# Getting Older and Running Class 5



## dgoods (Jul 15, 2013)

Yup, kinda bored and thinking about the upcoming season. Here in Colorado things are looking kinda grim-grim in most places- and my two favorite runs- the Piedra and Upper Animas are pretty much destined to have short seasons. I'll be heading to Idaho to run some non-permitted goodness-and some permitted goodness in June...

I'm 45 and I've been enjoying class 4/5 whitewater for the past 18 years-running most of it in a cataraft. I still really like it, but have found that it sure is getting harder to find folks who still enjoy the rush, focus, and commitment to running rivers that demand respect and a high level of skill. 

No huge point to this post, just kinda wondering who else out there is also "gettin up there" and still gettin after it.


----------



## spencerhenry (Jun 21, 2004)

i am 44. i do not consider my age "getting up there". i run the good stuff, and want more all the time.

i have seen older friends whose wives have told me that "he can't do those things anymore". Bullshit! when you stop doing, that is when you get old!


----------



## Whetstone (May 17, 2013)

You youngsters!

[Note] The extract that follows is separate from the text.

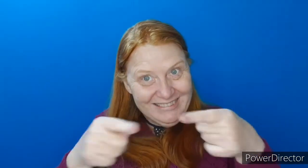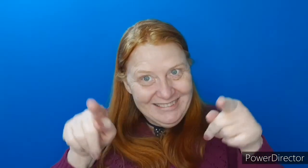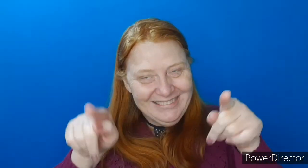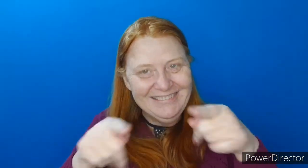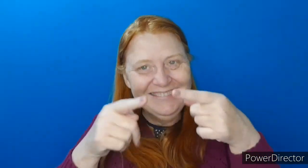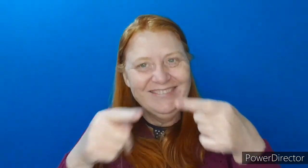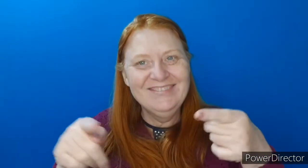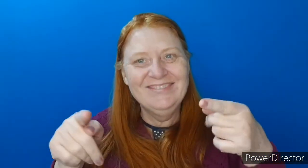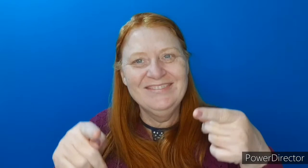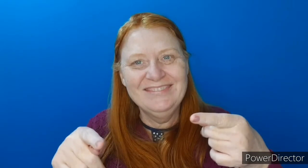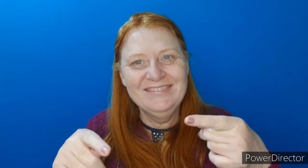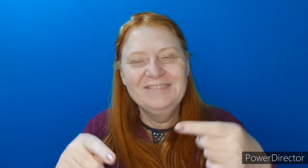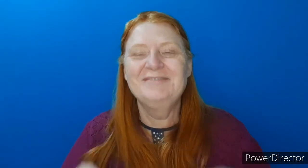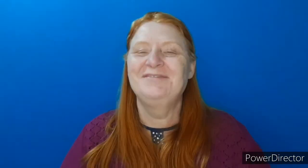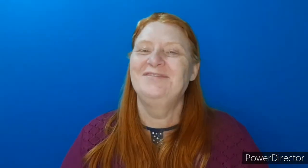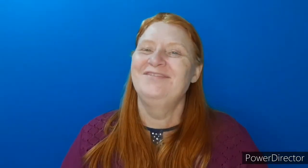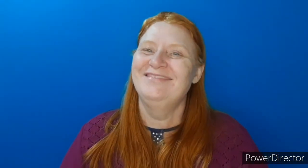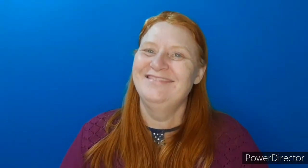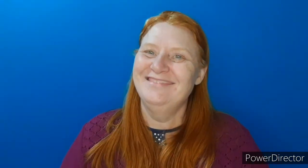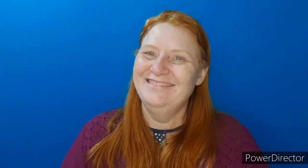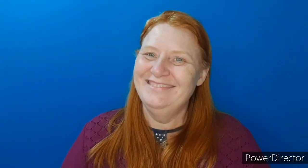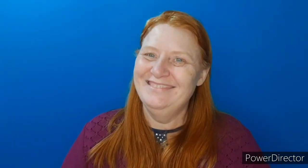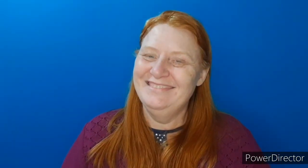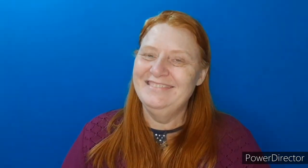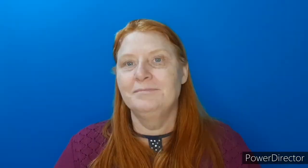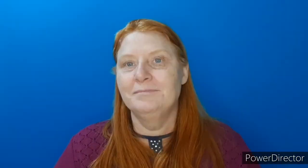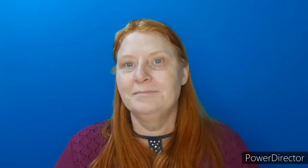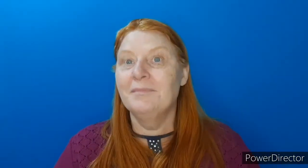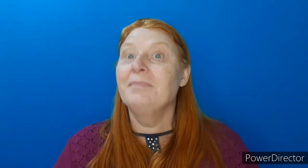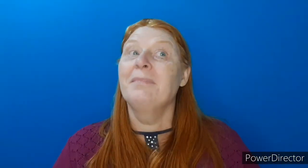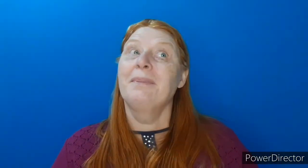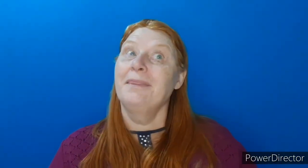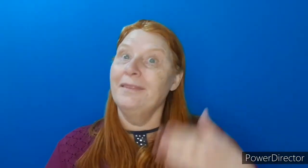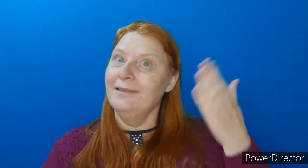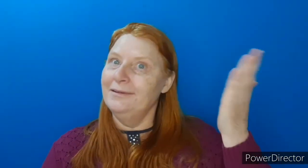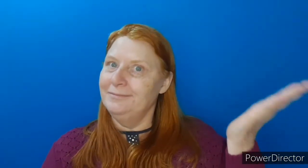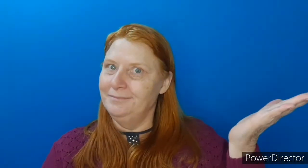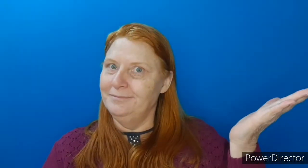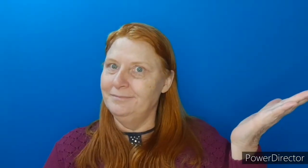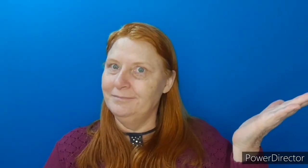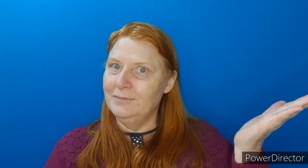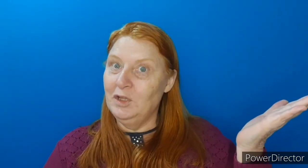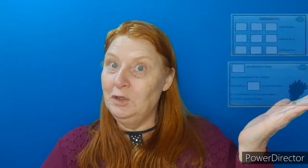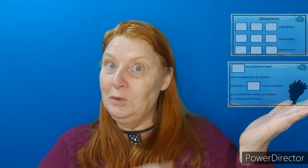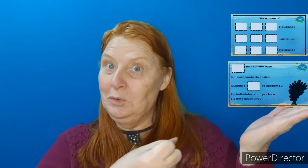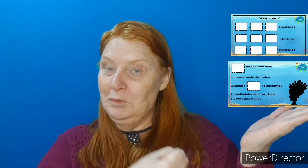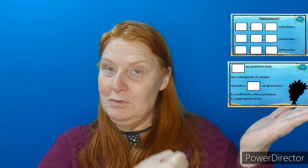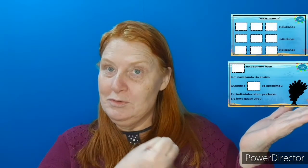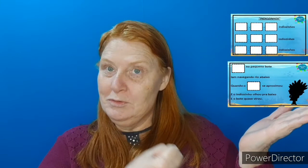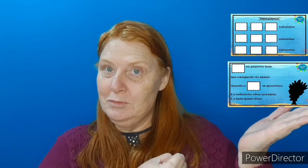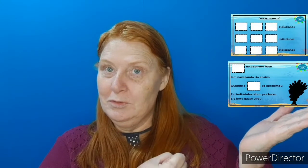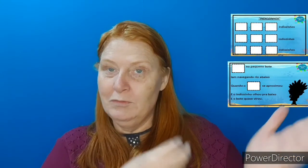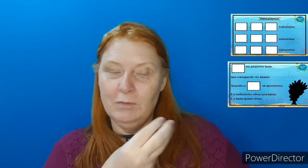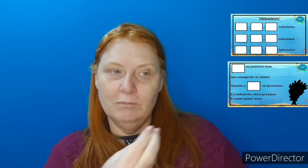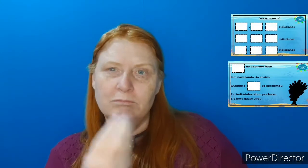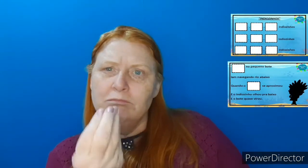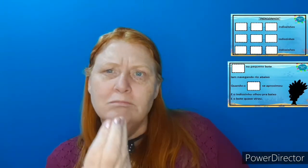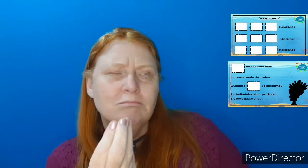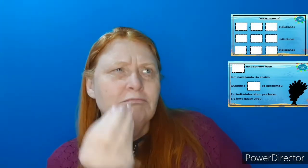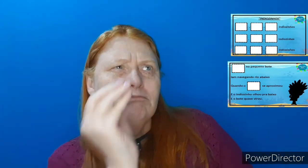Gostaram da música? Ah, espero que gostaram. Então, agora nós vamos fazer essa atividade. Nós vamos pegar os

Hey Dgoods, if your healthy and you love it, do it! If your contemporaries are bailing on you so be it. There are plenty of us over 40 folks on the river. I'm 56 and getting bolder with age yet more cautious. I'm willing to make the run still but not with the careless abandon I once had. Taking a smarter not harder approach to things these days. 

When you get to Idaho, give a shout and we'll go give it hell on a river or two. Old School!

Sent from my SCH-I535 using Mountain Buzz mobile app


----------



## jamesthomas (Sep 12, 2010)

I turn 56 this year and am trying to up my game as I got into the white water thing later in life.(about 5 years ago) I love it. Ran numbers last spring in my 16' cat. Intense experience, you becha. Want more? You becha. Kids are grown and stable time to crank up the fun meter. I would love to raft with any of you guys.


----------



## Phil U. (Feb 7, 2009)

Shite! I didn't start boating till I was 46 and this will be my 20th season. I've always been very calculating on the water but I've got plenty in my posse still getting after it. Low impact on the body, high reward for the spirit. Love this sport.


----------



## Whetstone (May 17, 2013)

Everything you guys say is true plus when some young hard chargers get their asses in a tight spot and need help, on or off the river, it's generally some "Old Dude" with the experience and a cool head that puts things right. . 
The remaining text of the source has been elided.